San Diego Zoo Wildlife Alliance, San Diego Zoo Safari Park, Escondido, CA.
K. L. Maddy Equine Analytical Pharmacology Laboratory, School of Veterinary Medicine, University of California-Davis, Davis, CA.
Am J Vet Res. 2023 Feb 27;84(4). doi: 10.2460/ajvr.22.12.0224. Print 2023 Apr 1.
To determine the pharmacokinetics of a single bolus of intravenous (IV) propofol after intramuscular administration of etorphine, butorphanol, medetomidine, and azaperone in 5 southern white rhinoceros to facilitate reproductive evaluations.

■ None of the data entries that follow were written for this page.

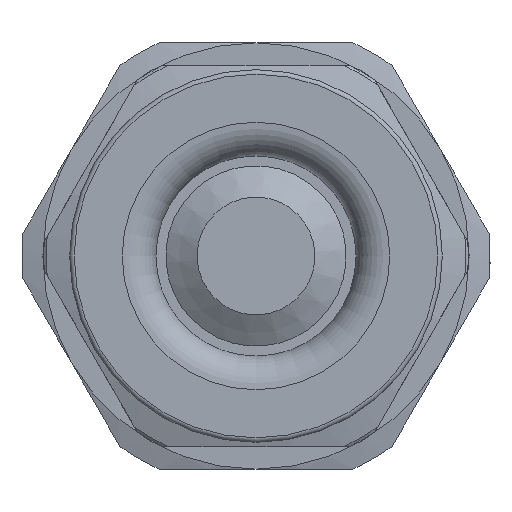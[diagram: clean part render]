
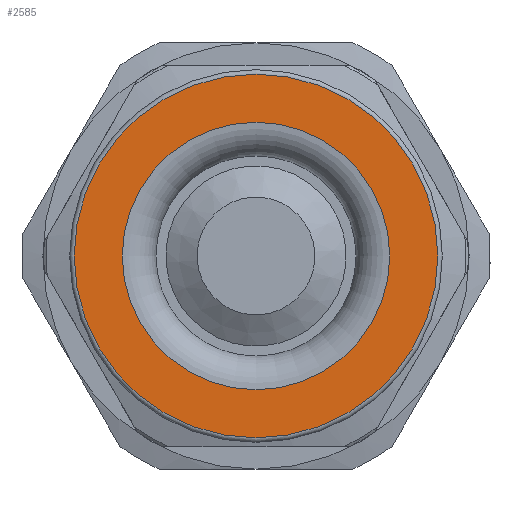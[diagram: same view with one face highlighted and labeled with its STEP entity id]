
A CAD part, left-side view. The second image highlights one B-rep face of the part: STEP entity #2585.
In plain terms, the highlighted planar face has unit normal (-1, 0, 0).
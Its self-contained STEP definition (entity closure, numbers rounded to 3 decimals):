
#355=PLANE('',#3000);
#445=FACE_BOUND('',#923,.T.);
#658=FACE_OUTER_BOUND('',#922,.T.);
#922=EDGE_LOOP('',(#2237));
#923=EDGE_LOOP('',(#2238));
#1140=CIRCLE('',#2999,8.105);
#1141=CIRCLE('',#3001,5.96);
#1365=VERTEX_POINT('',#10214);
#1366=VERTEX_POINT('',#10217);
#1670=EDGE_CURVE('',#1365,#1365,#1140,.T.);
#1671=EDGE_CURVE('',#1366,#1366,#1141,.T.);
#2237=ORIENTED_EDGE('',*,*,#1670,.F.);
#2238=ORIENTED_EDGE('',*,*,#1671,.T.);
#2585=ADVANCED_FACE('',(#658,#445),#355,.T.);
#2999=AXIS2_PLACEMENT_3D('',#10215,#3676,#3677);
#3000=AXIS2_PLACEMENT_3D('',#10216,#3678,#3679);
#3001=AXIS2_PLACEMENT_3D('',#10218,#3680,#3681);
#3676=DIRECTION('center_axis',(1.,0.,0.));
#3677=DIRECTION('ref_axis',(0.,-1.,0.));
#3678=DIRECTION('center_axis',(-1.,0.,0.));
#3679=DIRECTION('ref_axis',(0.,0.,1.));
#3680=DIRECTION('center_axis',(1.,0.,0.));
#3681=DIRECTION('ref_axis',(0.,0.,-1.));
#10214=CARTESIAN_POINT('',(-14.43,8.105,0.));
#10215=CARTESIAN_POINT('Origin',(-14.43,0.,0.));
#10216=CARTESIAN_POINT('Origin',(-14.43,8.305,0.));
#10217=CARTESIAN_POINT('',(-14.43,5.96,0.));
#10218=CARTESIAN_POINT('Origin',(-14.43,0.,0.));
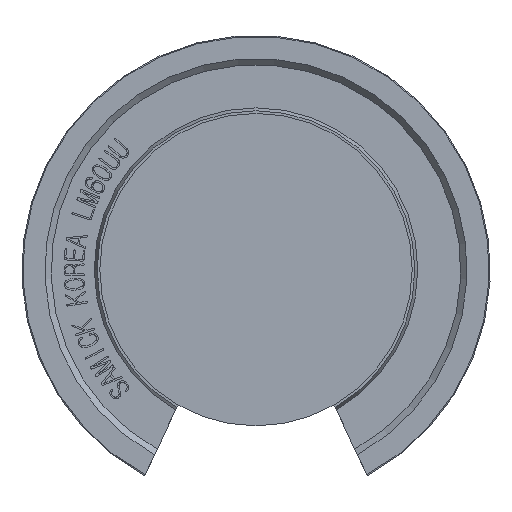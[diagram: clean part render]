
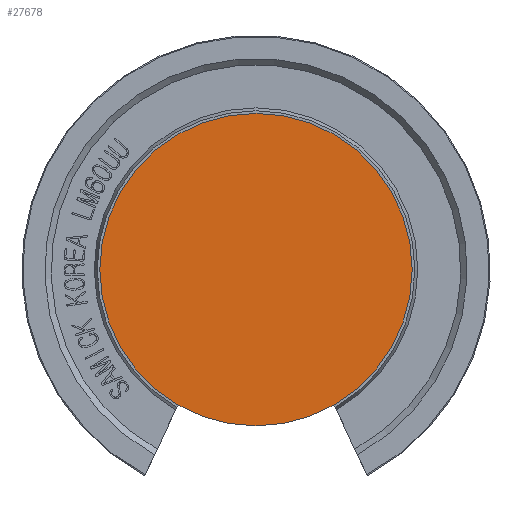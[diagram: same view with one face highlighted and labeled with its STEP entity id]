
A CAD part, front view. The second image highlights one B-rep face of the part: STEP entity #27678.
In plain terms, the highlighted planar face has unit normal (0, -1, 0).
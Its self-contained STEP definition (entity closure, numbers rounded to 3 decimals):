
#27408=CARTESIAN_POINT('',(-30.0,-87.5,0.));
#27409=VERTEX_POINT('',#27408);
#27410=CARTESIAN_POINT('',(0.0,-87.5,0.0));
#27411=DIRECTION('',(0.0,1.0,0.0));
#27412=DIRECTION('',(1.0,0.0,0.0));
#27413=AXIS2_PLACEMENT_3D('',#27410,#27411,#27412);
#27414=CIRCLE('',#27413,30.0);
#27415=EDGE_CURVE('',#27409,#27409,#27414,.T.);
#27670=CARTESIAN_POINT('',(0.0,-87.5,0.0));
#27671=DIRECTION('',(0.0,-1.0,0.0));
#27672=DIRECTION('',(0.0,0.0,-1.0));
#27673=AXIS2_PLACEMENT_3D('',#27670,#27671,#27672);
#27674=PLANE('',#27673);
#27675=ORIENTED_EDGE('',*,*,#27415,.F.);
#27676=EDGE_LOOP('',(#27675));
#27677=FACE_OUTER_BOUND('',#27676,.T.);
#27678=ADVANCED_FACE('',(#27677),#27674,.T.);
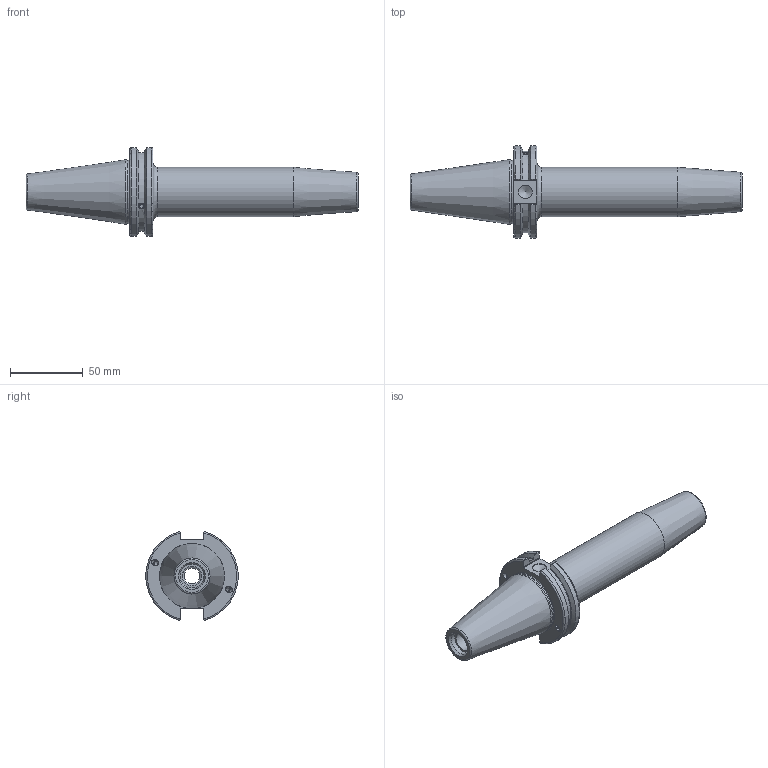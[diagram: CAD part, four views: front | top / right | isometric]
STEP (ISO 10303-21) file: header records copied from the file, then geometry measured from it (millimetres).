
FILE_DESCRIPTION(/* description */ (''),/* implementation_level */ '2;1');
FILE_NAME(/* name */ 'VK121JR.stp',/* time_stamp */ '2025-02-18T16:31:34+09:00',/* author */ ('YSH'),/* organization */ (''),/* preprocessor_version */ 'ST-DEVELOPER v20',/* originating_system */ 'Autodesk Inventor 2025',/* authorisation */ '');
FILE_SCHEMA (('AUTOMOTIVE_DESIGN { 1 0 10303 214 3 1 1 }'));
Length unit declared in the file: millimetre
Products named in the file (1): LO-CAT40ADB-SFH16CR-160
Bounding box: 228.25 x 63.26 x 61.09 mm (x, y, z)
Volume: 198846.4 mm3; surface area: 41717.3 mm2
Topology: 1 solids, 1 shells, 90 faces, 243 edges, 158 vertices
Faces by surface type: plane 37, cylinder 30, cone 14, torus 9
Full cylindrical faces by diameter (mm): 2.459 x2, 3.242 x8, 4 x2, 4.2 x2, 9.525 x1, 10.917 x1, 13.386 x1, 16 x1, 16.3 x1, 17.2 x1, 34 x1, 43.6 x1
Entity records: 3081 total; most frequent: CARTESIAN_POINT 791, ORIENTED_EDGE 476, DIRECTION 470, EDGE_CURVE 238, AXIS2_PLACEMENT_3D 187, VERTEX_POINT 158, EDGE_LOOP 108, LINE 96

A specific consideration was whether propofol would facilitate timely orotracheal intubation.
5 adult, female, zoo-maintained southern white rhinoceros.
Rhinoceros were administered etorphine (0.002 mg/kg), butorphanol (0.02 to 0.026 mg/kg), medetomidine (0.023 to 0.025 mg/kg), and azaperone (0.014 to 0.017 mg/kg) intramuscularly (IM) prior to an IV dose of propofol (0.5 mg/kg). Physiologic parameters (heart rate, blood pressure, respiratory rate, and capnography), timed parameters (eg, time to initial effects and intubation), and quality of induction and intubation were recorded following drug administration. Venous blood was collected for analysis of plasma propofol concentrations using liquid chromatography-tandem mass spectrometry at various time points after propofol administration.

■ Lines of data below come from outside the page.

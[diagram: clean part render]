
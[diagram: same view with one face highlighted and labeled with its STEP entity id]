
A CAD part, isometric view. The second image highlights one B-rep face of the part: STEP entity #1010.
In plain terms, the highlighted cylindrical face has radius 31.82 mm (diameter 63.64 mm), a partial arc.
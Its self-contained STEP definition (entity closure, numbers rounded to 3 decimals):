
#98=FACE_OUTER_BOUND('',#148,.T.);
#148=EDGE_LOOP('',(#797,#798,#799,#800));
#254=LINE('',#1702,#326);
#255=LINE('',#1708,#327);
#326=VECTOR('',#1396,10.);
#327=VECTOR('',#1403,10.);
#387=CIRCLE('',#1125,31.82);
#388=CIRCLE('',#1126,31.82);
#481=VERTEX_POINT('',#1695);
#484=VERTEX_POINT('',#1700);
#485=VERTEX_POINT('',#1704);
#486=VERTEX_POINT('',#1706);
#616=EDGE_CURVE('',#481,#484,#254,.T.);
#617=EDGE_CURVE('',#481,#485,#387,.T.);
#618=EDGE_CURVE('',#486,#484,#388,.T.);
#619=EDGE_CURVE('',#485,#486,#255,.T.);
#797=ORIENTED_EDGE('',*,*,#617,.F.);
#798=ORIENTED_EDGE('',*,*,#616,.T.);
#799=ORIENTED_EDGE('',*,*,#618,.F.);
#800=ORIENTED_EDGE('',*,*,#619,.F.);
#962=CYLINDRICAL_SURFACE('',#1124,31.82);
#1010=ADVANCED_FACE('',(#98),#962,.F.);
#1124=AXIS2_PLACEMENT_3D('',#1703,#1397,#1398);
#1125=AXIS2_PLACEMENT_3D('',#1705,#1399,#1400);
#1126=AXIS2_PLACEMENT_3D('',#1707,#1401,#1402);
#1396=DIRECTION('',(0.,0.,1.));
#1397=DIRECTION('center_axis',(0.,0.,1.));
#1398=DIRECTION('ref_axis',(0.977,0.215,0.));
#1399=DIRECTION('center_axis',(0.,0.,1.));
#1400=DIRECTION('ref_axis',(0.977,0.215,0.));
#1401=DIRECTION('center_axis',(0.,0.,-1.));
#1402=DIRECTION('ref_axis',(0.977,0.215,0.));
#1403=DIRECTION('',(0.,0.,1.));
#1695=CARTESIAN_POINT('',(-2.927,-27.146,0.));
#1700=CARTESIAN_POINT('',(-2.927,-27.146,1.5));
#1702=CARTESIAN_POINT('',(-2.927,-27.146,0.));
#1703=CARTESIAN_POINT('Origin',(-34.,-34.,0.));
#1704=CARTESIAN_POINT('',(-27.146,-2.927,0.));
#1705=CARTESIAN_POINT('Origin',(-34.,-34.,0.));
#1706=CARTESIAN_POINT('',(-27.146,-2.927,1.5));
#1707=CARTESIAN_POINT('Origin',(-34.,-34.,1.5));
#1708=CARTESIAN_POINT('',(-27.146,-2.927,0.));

All animals were approachable following IM drug administration, and orotracheal intubation was achieved at 9.8 ± 2.0 minutes (mean ±SD) following propofol administration. The mean clearance for propofol was 14.2 ± 7.7 ml/min/kg, the mean terminal half-life was 82.4 ± 74.4 minutes, and the maximum concentration occurred at 2.8 ± 2.9 minutes. Two of 5 rhinoceros experienced apnea after propofol administration. Initial hypertension, which improved without intervention, was observed.
This study provides pharmacokinetic data and insight into the effects of propofol in rhinoceros anesthetized using etorphine, butorphanol, medetomidine, and azaperone. While apnea was observed in 2 rhinoceros, propofol administration allowed for rapid control of the airway and facilitated oxygen administration and ventilatory support.
确定静脉注射(IV)异丙酚在 5 头南部白犀牛肌内注射依托啡、丁丙诺啡、美托咪定和阿扎哌隆后单次推注的药代动力学,以促进生殖评估。一个特别考虑的问题是异丙酚是否会促进及时经口气管插管。
5 头成年雌性动物园饲养的南部白犀牛。
犀牛肌内注射依托啡(0.002mg/kg)、丁丙诺啡(0.02 至 0.026mg/kg)、美托咪定(0.023 至 0.025mg/kg)和阿扎哌隆(0.014 至 0.017mg/kg),然后静脉注射异丙酚(0.5mg/kg)。给药后记录生理参数(心率、血压、呼吸频率和呼气末二氧化碳描记术)、计时参数(例如,初始效应和插管时间)以及诱导和插管的质量。静脉血采集用于在异丙酚给药后不同时间点使用液相色谱-串联质谱法分析血浆异丙酚浓度。
所有动物在肌内药物给药后均可接近,异丙酚给药后 9.8±2.0 分钟即可进行经口气管插管。异丙酚的平均清除率为 14.2±7.7ml/min/kg,平均终末半衰期为 82.4±74.4 分钟,最大浓度发生在 2.8±2.9 分钟。5 头犀牛中有 2 头在异丙酚给药后出现呼吸暂停。观察到初始高血压,未经干预即改善。
本研究提供了异丙酚在麻醉犀牛中使用依托啡、丁丙诺啡、美托咪定和阿扎哌隆的药代动力学数据和见解。虽然 2 头犀牛出现呼吸暂停,但异丙酚给药允许快速控制气道,并促进氧气给予和通气支持。